Mum seems happier and I think getting things cleaned up will help even more. She’s gradually getting into a groove here, although she is still stuck in the sick-cycle, so we’ll know better when we get that knocked out and eradicated from the house. What I do know is she’s doing better than she was at her old home and that is meaningful.
Oldest seems to be gradually making steps in a positive direction, too. Youngest is floundering with end of semester school work, but I think that’s somewhat on her and I’m supportive but letting her own it. Oldest’s BFF is a great housemate and I think he’s finding his footing here, too. There is a lot of work to be done in setting up our support systems for staying on top of housework and division of labor, but that will get smoothed out when Mum and I aren’t dealing with this crud. I suppose a lot depends on getting our health back, but right now I can’t let that drag me down.
I miss Spicy Ginger. Even before the huge descent into illness, I was struggling a bit with the new situation. I love being here at our home and SG doesn’t come here to hang out – of course, how can he, when it has been germ central for the last 1.5 months? But he has never wanted to be in my space and always wants to be in his own space. That was fine when I lived next door – mostly – and fine when we were crammed into Mum’s old home, but now we’re here and I love our home. I want him to come here!
I will also admit that I’m very comfortable because I’m with my family. I’m not lonely. No, it’s not the same, but I like my quiet times with my kitty and my little room with so much potential. I want to putter when I’m not feeling like leftovers that have been in the sun for a week.
I also really want to get the sewing machine set up and start creating again. I can feel the itch to create eating at me and I’ve been batting it aside because I am just trying to survive until I feel better. I hesitate to write this next bit, but want to be honest… I’m also feeling the urge to paint. I don’t know how long it has been – decades, maybe? I’ll push it out into the limewash for the brick on the house and the planting pots that I’m going to spray paint and the fence that I’m going to cover in dark stain, but I don’t think it will be enough.
I wonder if the reason the itch to create is back might have to do with the reduced stress of our new home? I love our space and the room to set up storage properly.
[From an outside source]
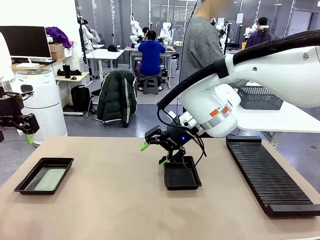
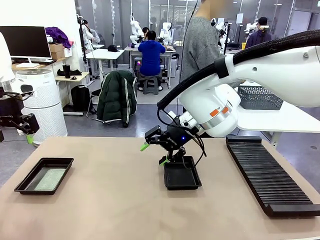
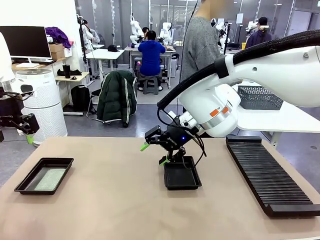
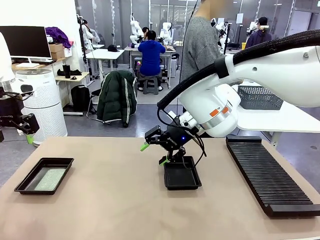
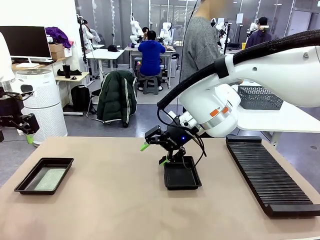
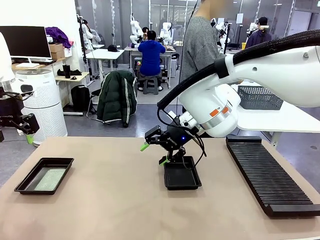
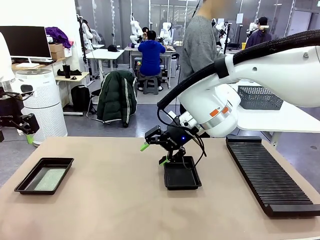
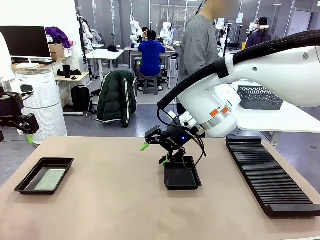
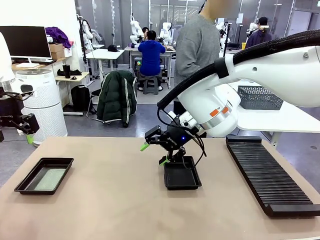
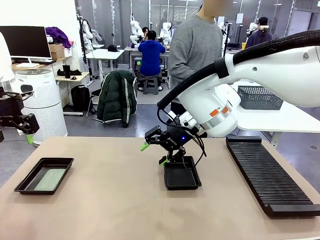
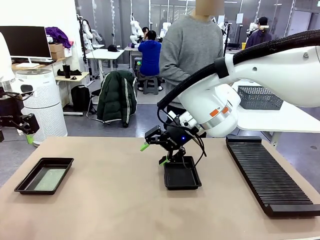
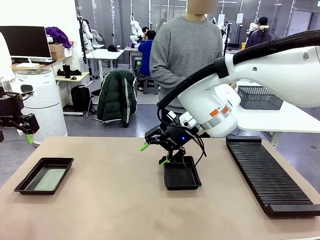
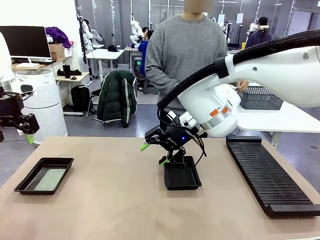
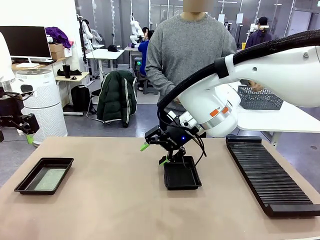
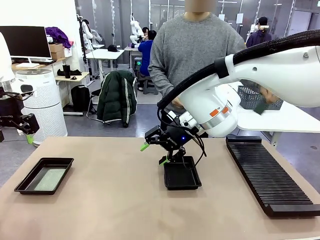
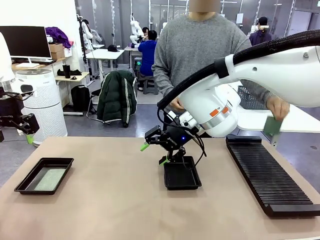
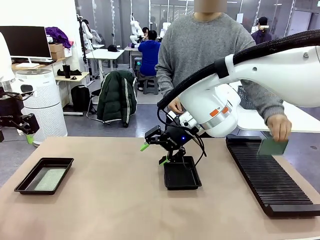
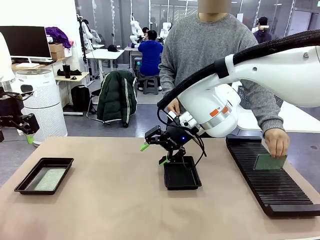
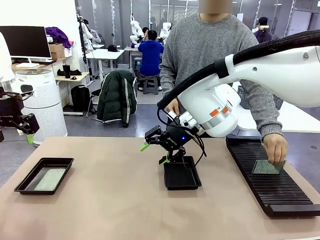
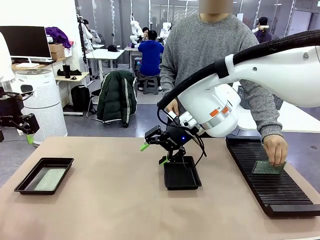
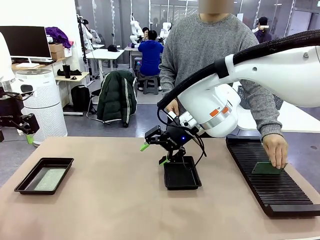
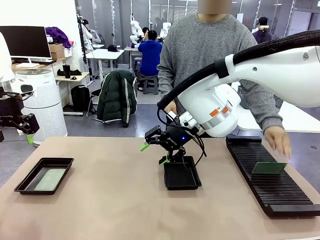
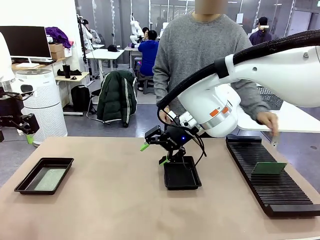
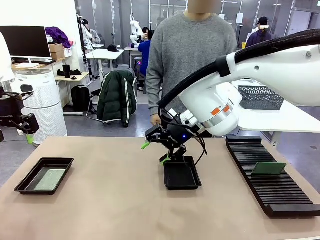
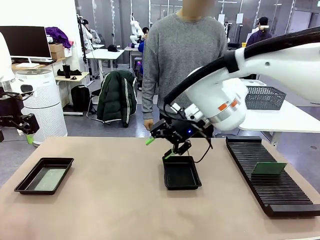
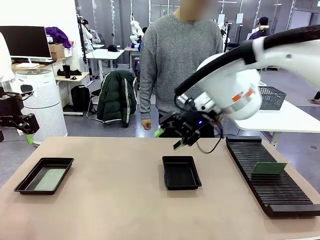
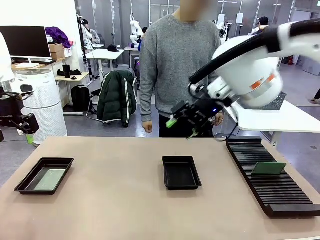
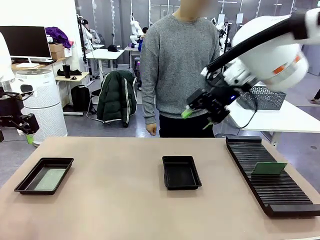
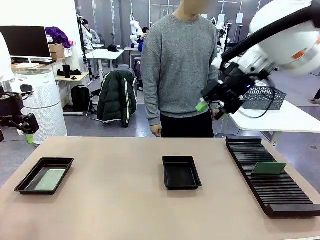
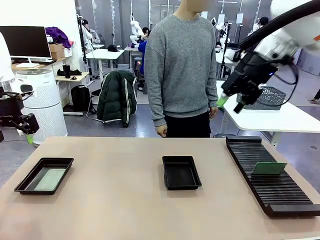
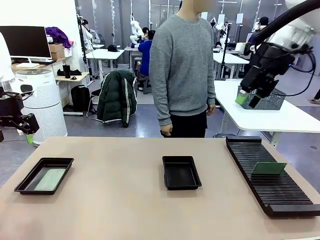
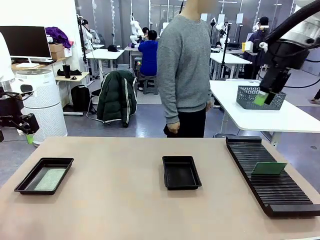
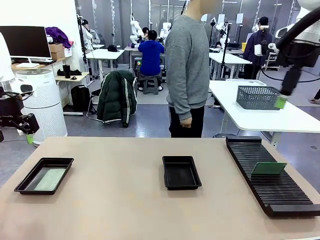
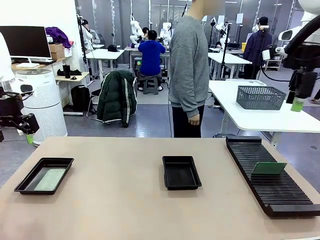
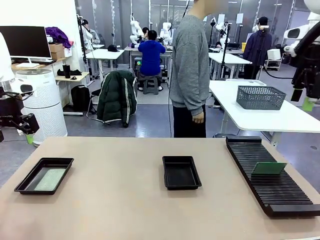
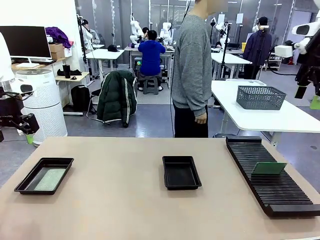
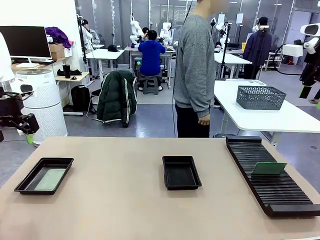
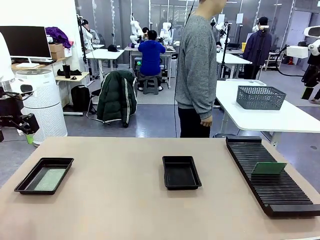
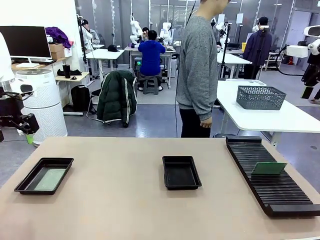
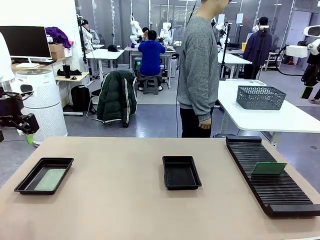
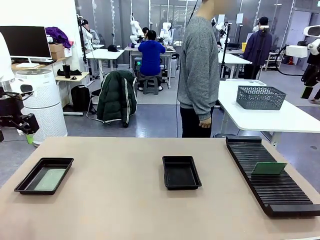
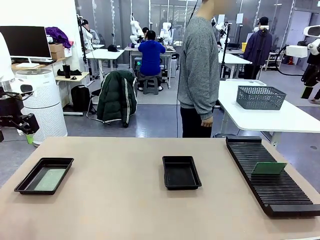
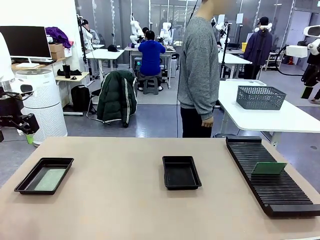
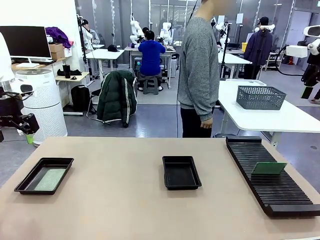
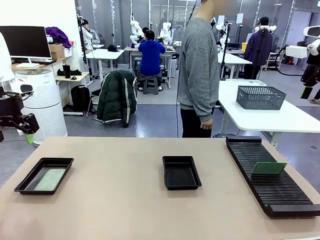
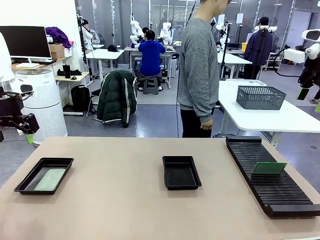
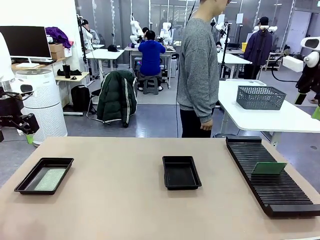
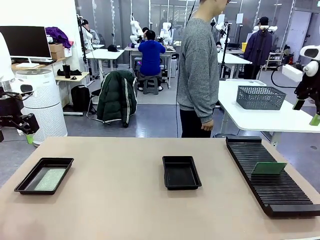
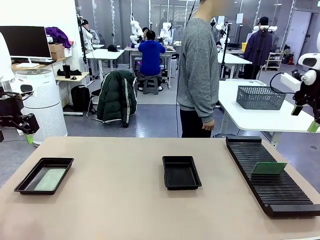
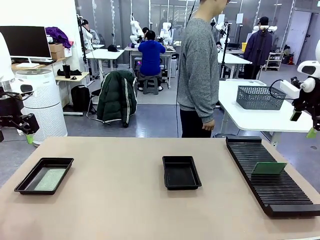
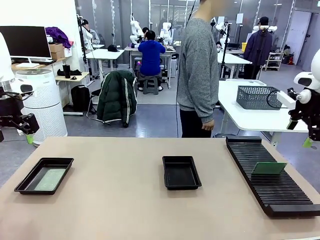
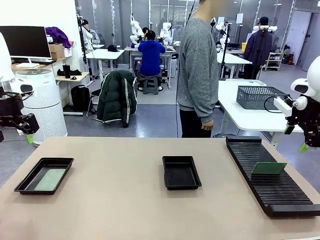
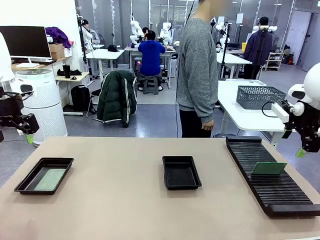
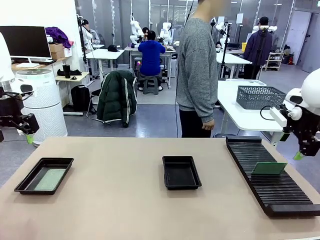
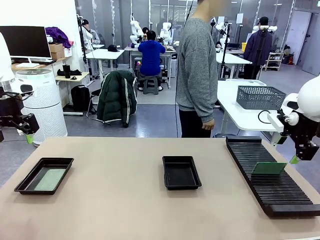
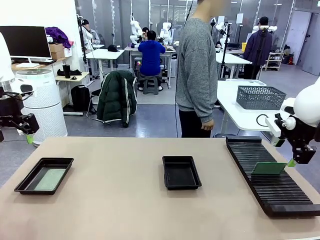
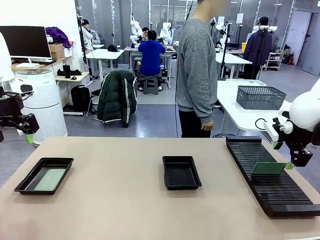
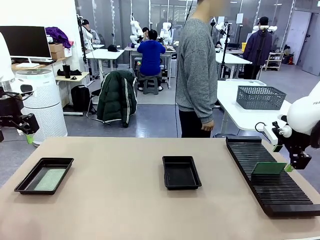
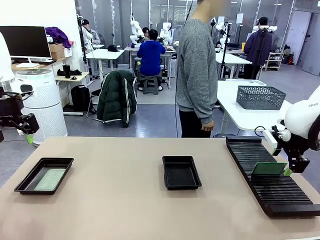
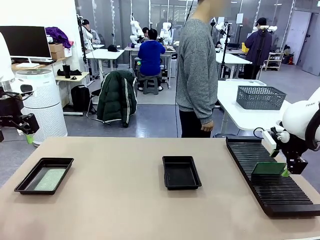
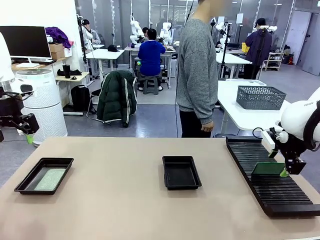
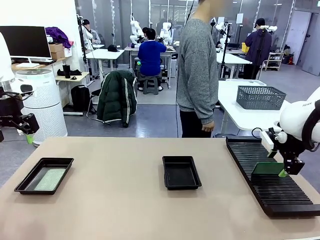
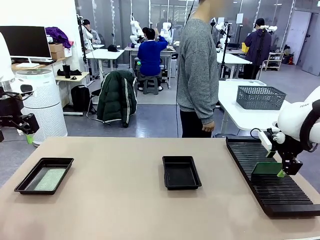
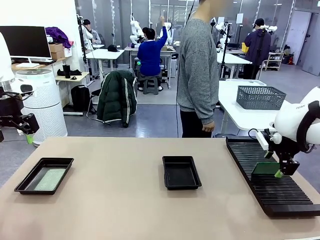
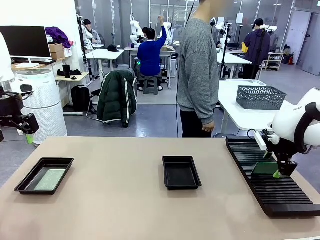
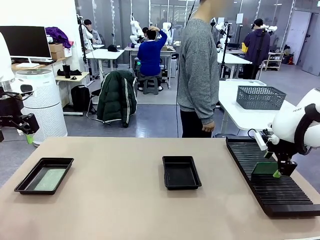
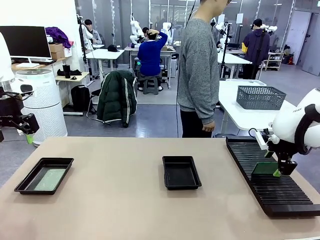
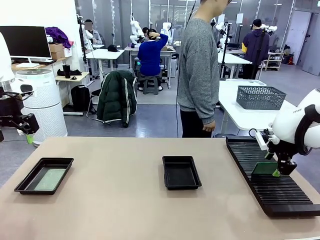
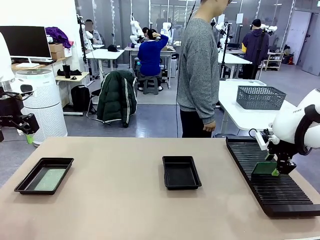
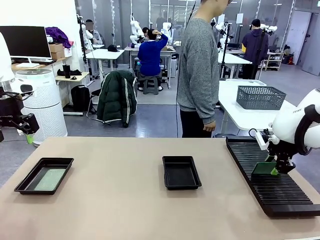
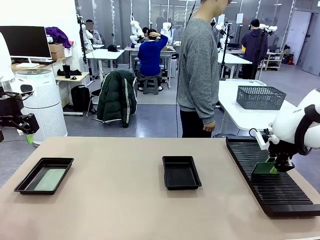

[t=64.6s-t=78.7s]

I love that we each have our own room and great functioning bathrooms (it’s the little things, right?). I love the frustrating kitchen with the cupboards that are almost a pain in the ass, but not quite. I love the dining room space where the table and chairs fits perfectly.
I love this funky late 70s neighborhood, with no HOA, and lots of character. ALL of us are looking forward to the various holidays here, most especially Halloween and Christmas.
I’m not saying things are perfect. Of course not. But there’s so much to love about it. I love it in the way that I love my job – I have been waiting for a safe place to live where the external worries are less and the fit is almost Goldilocks-like.
Speaking of my job – it is still my super happy fit. I am so glad I am there. I am so glad I work with the people that are on our team. I am proud of the culture and the work our company does. We do good work.
It has been over a year and I still love it.
So if I can just get healthy and get work done – both in job and home – I would really like that. And I’d like to see my Spicy Ginger again, thanks much.
Beyond that? Well, I’m just glad to be where I am, with my family, in a safe place where I think we can thrive finally. I’m glad I’m in this little room next to my Mum’s room, where I can keep my “mom radar monitoring system” on alert for her. (By the way, this tickles her no end. She laughs at me about it.)
And now, I think I’ll crash. It’s late and I have work in the morning. Wish me luck as my body fights this crud. I could use it.